The key categories are the categories from the set of Wikipedia categories that are the most discriminant/important categories to characterize the publication given a corpus of publications in background. Categories are general purposes semantic classes usually organised in a taxonomy.

Key categories are currently only supported for the English language in anHALytics. These categories are the distributions of the categories associated to the concepts obtained by disambiguating the weighted vector of terms extracted by grobid-keyterm. The disambiguation is performed by the NERD component.

They are encoded in the TEI document model as standoff annotations. Path in TEI document model: teiCorpus/standoff/category/category Wikipedia category identifier under: teiCorpus/standoff/category/wikipediaExternalRef.

JSON path in ElasticSearch: $teiCorpus.$standoff.$category.category, $teiCorpus.$standoff.$category.wikipediaExternalRef.

Concepts

Concept annotations are produced by the NERD component. NERD annotates mentions in the text with the concept that the mentions are realizing, thus performing a contextual disambiguation. Concepts are expressed in the Wikipedia semantic space (where a concept is a Wikipedia article). For each represented language, a concept is associated to a preferred term, a set of synonyms, one or several definitions, a set of attributes and a set of relations.

Concepts, here, are abstract representations used to describe and capture the reality of the world we observe and understand. All the concepts realized in a text are potentially identified, there is no "ranking" of the concepts for these annotations.

As we cannot represent easily a concept for human comprehension (a concept is represented by default by the identifier of the corresponding Wikipedia page), we use the preferred term of the concept in the frontend.

Concepts annotations currently cover three languages in anHALytics: English, French and German. Concepts are produced by the NERD component using a classifier exploiting various statistical features, in particular an adaptation of the relatedness score from (Milne & Witten, 2008).

They are encoded in the TEI document model as standoff annotations. Path in TEI document model: teiCorpus/standoff/nerd/preferredTerm Wikipedia identifier corresponding to the concept is given at teiCorpus/standoff/nerd/wikipediaExternalRef.

JSON path/query field in ElasticSearch: $teiCorpus.$standoff.$nerd.preferredTerm, $teiCorpus.$standoff.$nerd.wikipediaExternalRef.

Key concepts

The key concepts are the concepts expressed the Wikipedia space (where a concept is a Wikipedia article) that are the most discriminant/important concepts to characterize the publication given a corpus of publication in background.

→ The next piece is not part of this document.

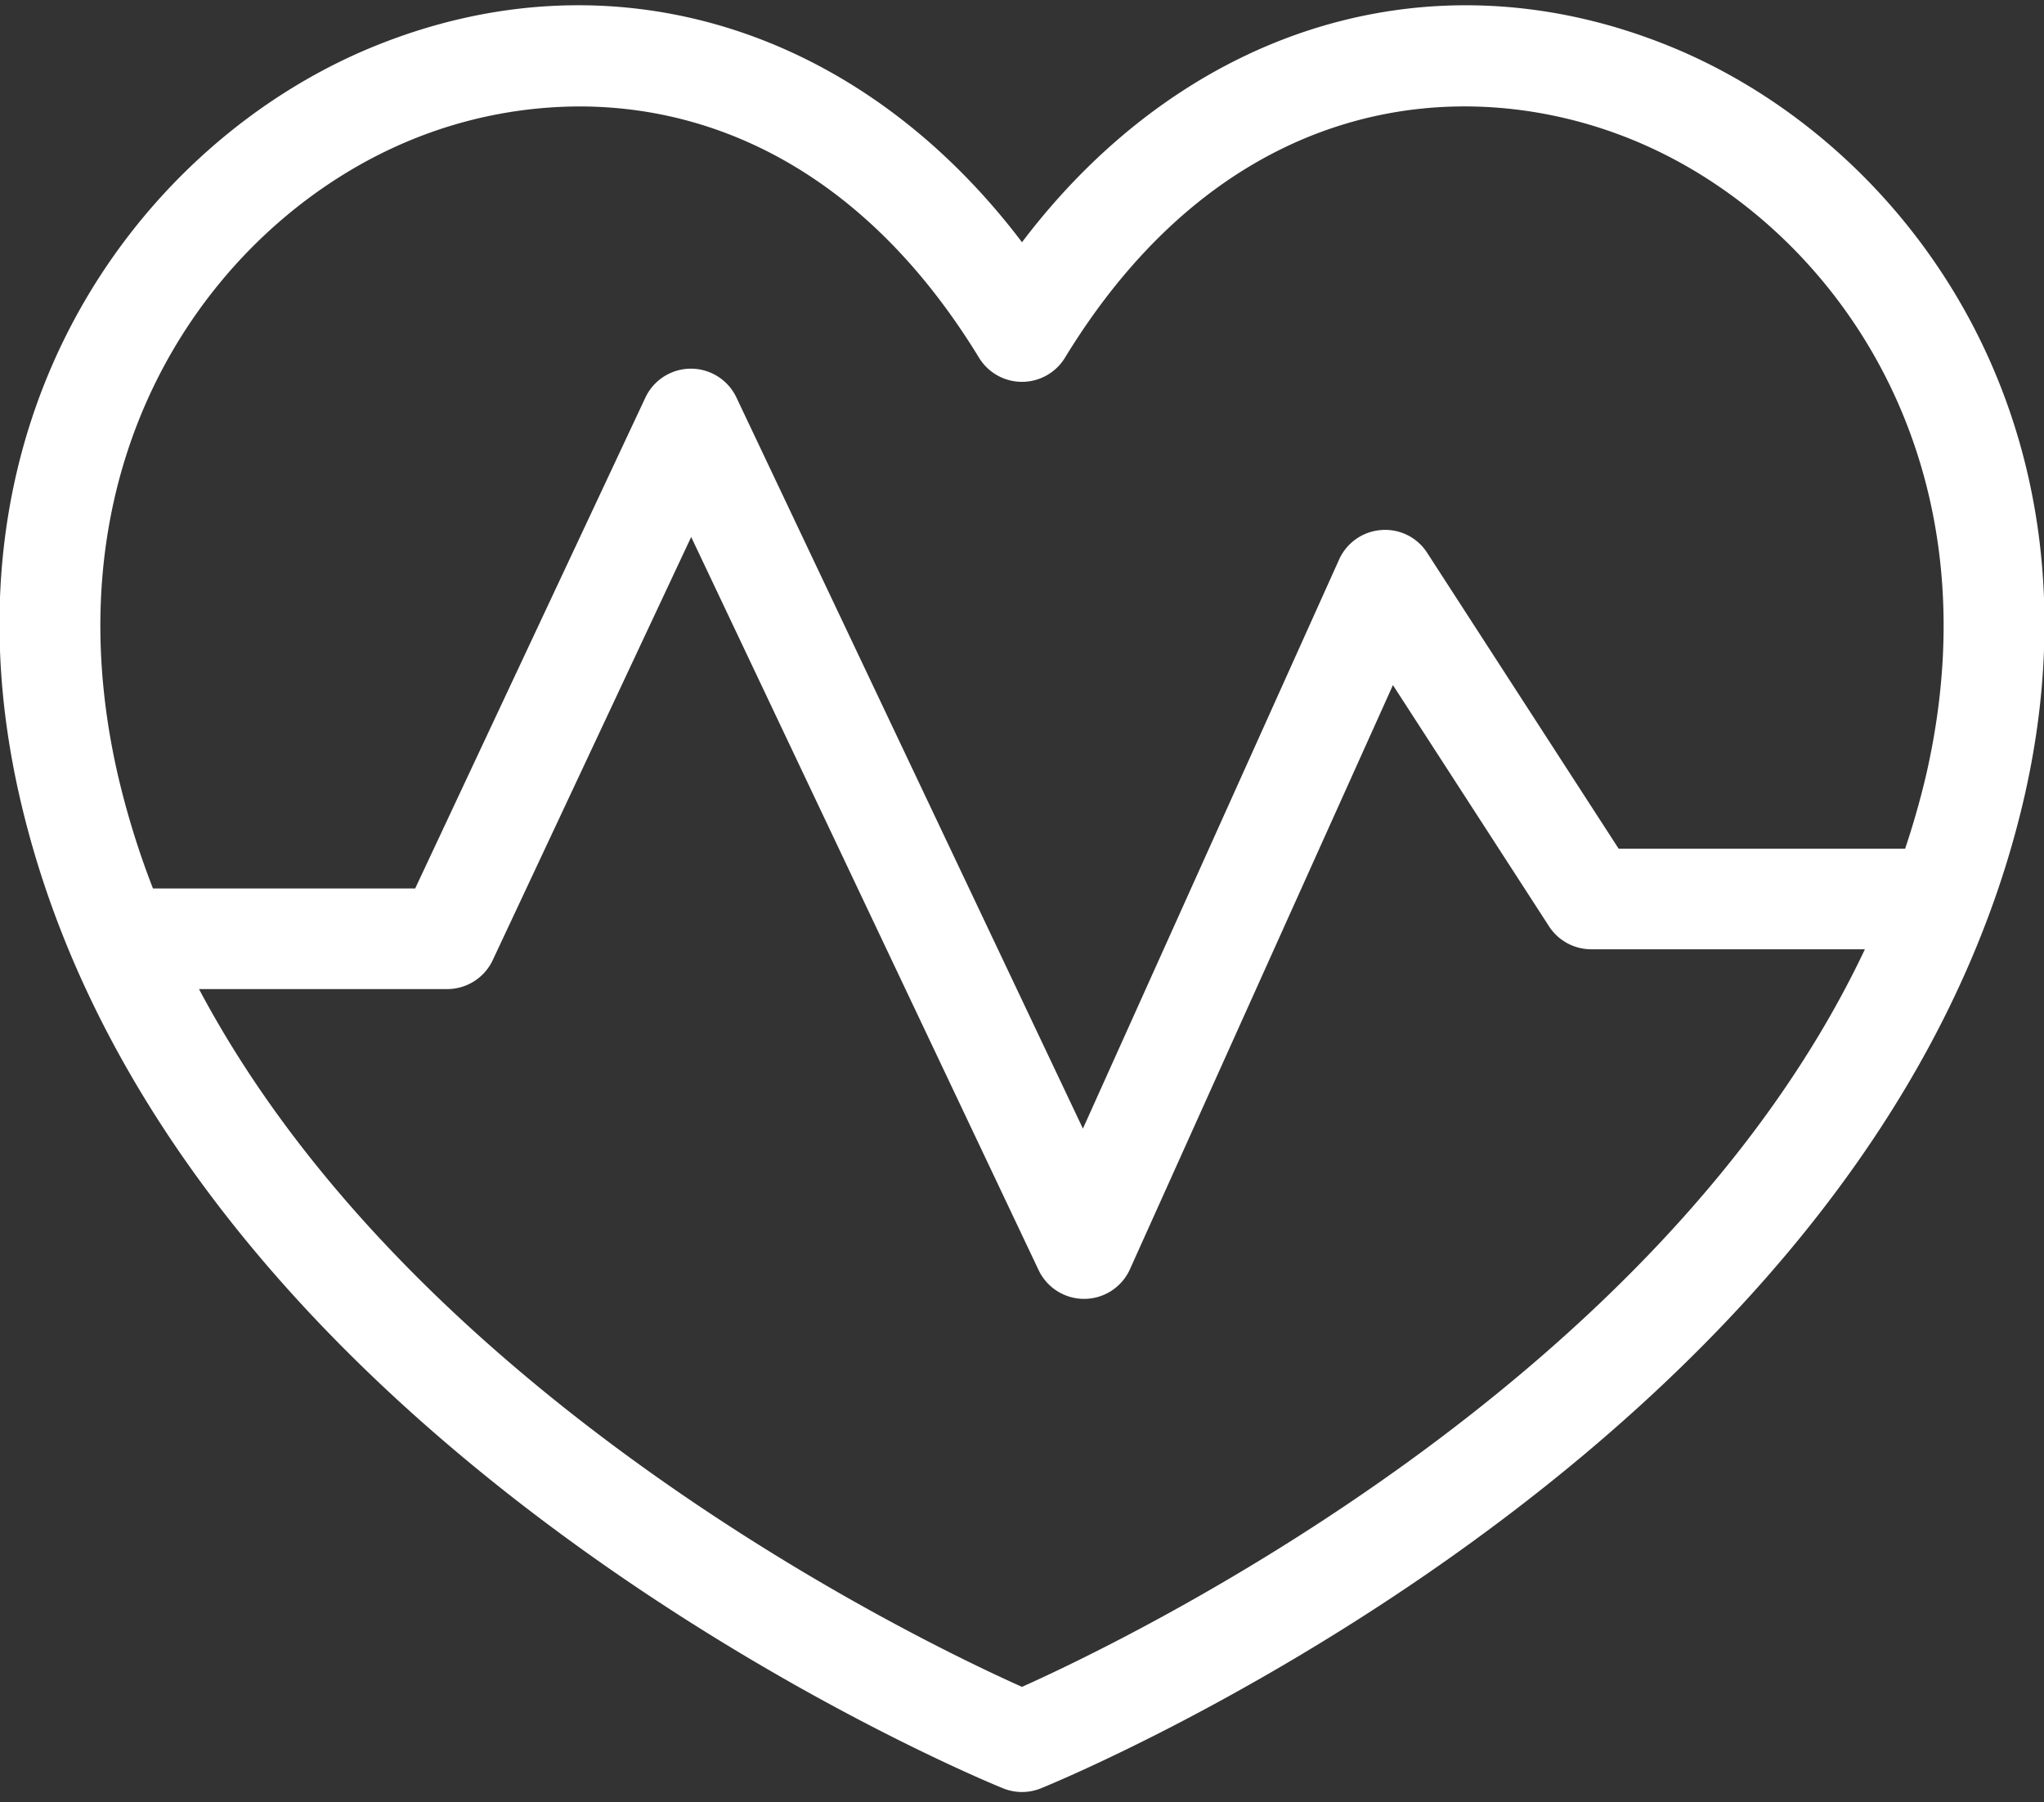 <svg xmlns="http://www.w3.org/2000/svg" width="93" height="82" viewBox="0 0 93 82"><rect x="0" y="0" width="93" height="82" fill="#333333" stroke="none"/><g><g><g><path fill="#fff" d="M18.757 6.346a20.286 20.286 0 0 1 7.605-1.503c6.24 0 13.047 3.019 18.184 11.435a2.29 2.29 0 0 0 3.907 0c7.363-12.059 18.149-13.04 25.793-9.93 8.809 3.58 16.76 14.144 13.4 28.872a37.295 37.295 0 0 1-.964 3.393H73.646l-8.71-13.459a2.27 2.27 0 0 0-2.094-1.038 2.286 2.286 0 0 0-1.914 1.342L49.272 51.35 33.505 18.083a2.29 2.29 0 0 0-2.069-1.309h-.004a2.29 2.29 0 0 0-2.068 1.317L18.89 40.424H6.96a37.967 37.967 0 0 1-1.607-5.204C1.994 20.49 9.946 9.928 18.757 6.346zM46.499 76.75c-4.733-2.115-27.547-13.088-37.444-31.748h11.291c.887 0 1.696-.513 2.072-1.316l9.03-19.254 15.808 33.356a2.288 2.288 0 0 0 2.07 1.309h.022a2.287 2.287 0 0 0 2.064-1.35l11.965-26.576 7.102 10.975a2.288 2.288 0 0 0 1.922 1.045h12.45C75.527 62.929 51.382 74.564 46.5 76.75zm-.864 4.615a2.294 2.294 0 0 0 1.73 0c1.45-.59 33.435-13.916 43.064-39.566l.006-.015a43.042 43.042 0 0 0 1.675-5.547c3.954-17.333-5.595-29.844-16.14-34.132-10.79-4.388-22.045-.88-29.47 8.916-7.423-9.796-18.673-13.306-29.468-8.916C6.485 6.393-3.065 18.903.89 36.238c6.682 29.288 43.193 44.495 44.745 45.127z"/></g></g></g></svg>

As we cannot represent easily a concept for human comprehension (a concept is represented by default by the identifier of the corresponding Wikipedia page), we use the preferred term of the concept in the frontend.

Key concepts currently cover three languages in anHALytics: English, French and German. These concepts are obtained by disambiguating the weighted vector of terms extracted by grobid-keyterm. The disambiguation is performed by the NERD component.

They are encoded in the TEI document model as standoff annotations. Path in TEI document model of the preferred term of a concept: teiCorpus/standoff/keyterm/preferredTerm. Wikipedia identifier corresponding to the concept is given at teiCorpus/standoff/keyterm/wikipediaExternalRef.

JSON path/query field in ElasticSearch: $teiCorpus.$standoff.$keyterm.preferredTerm, $teiCorpus.$standoff.$nerd.preferredTerm.

Purposes

Keywords, keyterms, key-categories and key-concepts are extractions that aim at capturing the most important aspects characterizing a document against the whole set of background documents. They are thus appropriate for facettings in search, organising a set of documents, document maps or classification.

Concept annotations will identify all the realizations of a concept in a text, they give an additional layer of abstract description on top of the words. They are appropriate to semantic search, where the search query can use concepts, for improving the ranking given a query expressed in words and disambiguated or for event and knowledge extraction.